---------- Supplied data ----------
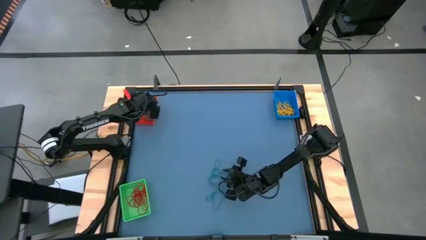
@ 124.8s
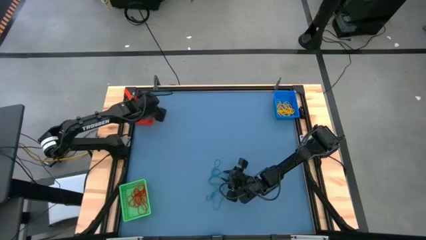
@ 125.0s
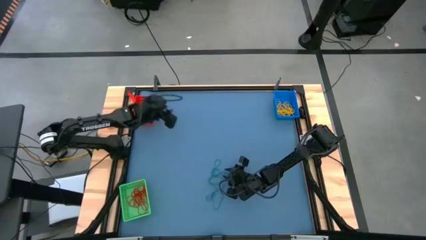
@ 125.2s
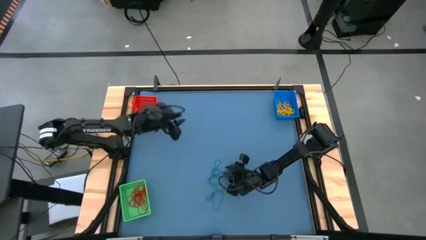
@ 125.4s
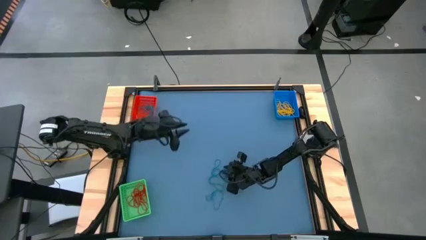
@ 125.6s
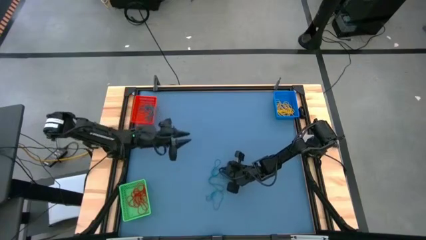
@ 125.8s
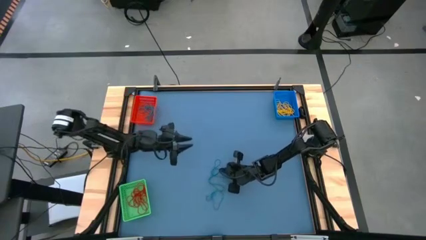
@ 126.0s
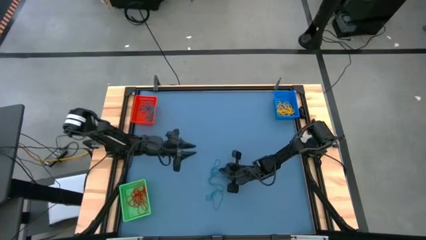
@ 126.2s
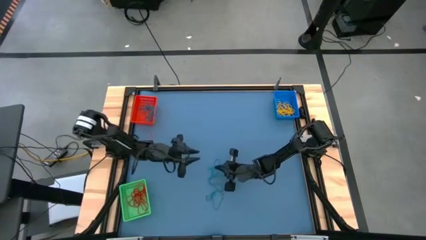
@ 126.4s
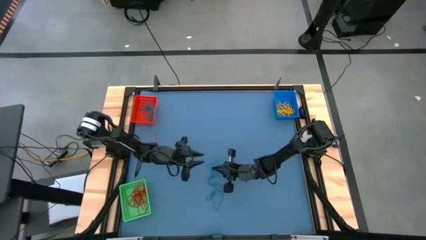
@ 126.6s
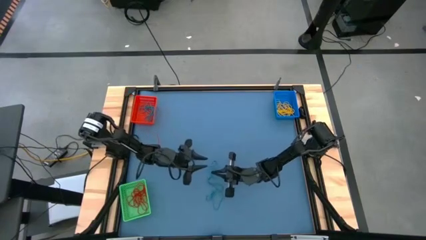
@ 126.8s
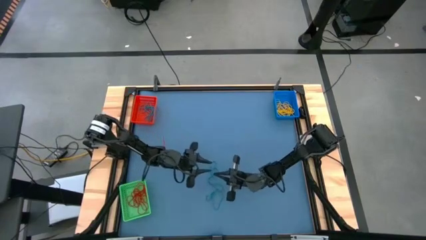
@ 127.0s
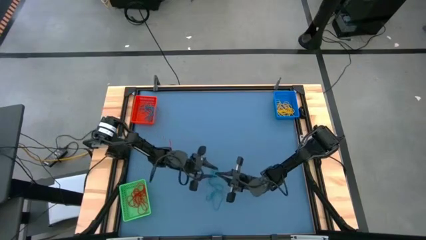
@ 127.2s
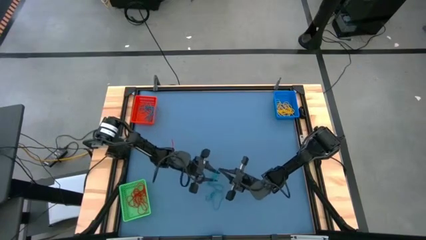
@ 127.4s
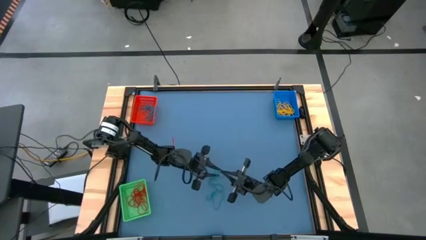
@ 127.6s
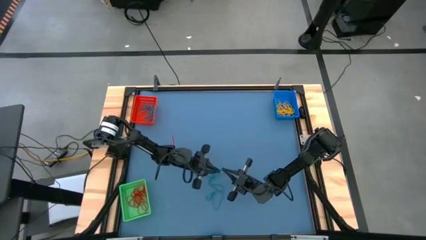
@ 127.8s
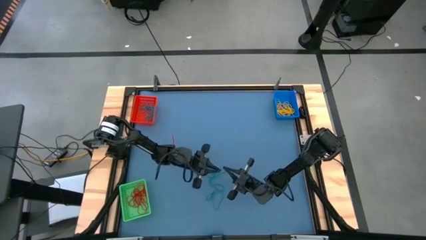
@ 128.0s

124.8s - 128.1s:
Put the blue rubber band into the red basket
----------
▶ **Work instructions**:
Line by line, print the records above exactly, skipping each picture.

▶ **Problem solution**:
@ 124.8s
@ 125.0s
@ 125.2s
@ 125.4s
@ 125.6s
@ 125.8s
@ 126.0s
@ 126.2s
@ 126.4s
@ 126.6s
@ 126.8s
@ 127.0s
@ 127.2s
@ 127.4s
@ 127.6s
@ 127.8s
@ 128.0s

124.8s - 128.1s:
Put the blue rubber band into the red basket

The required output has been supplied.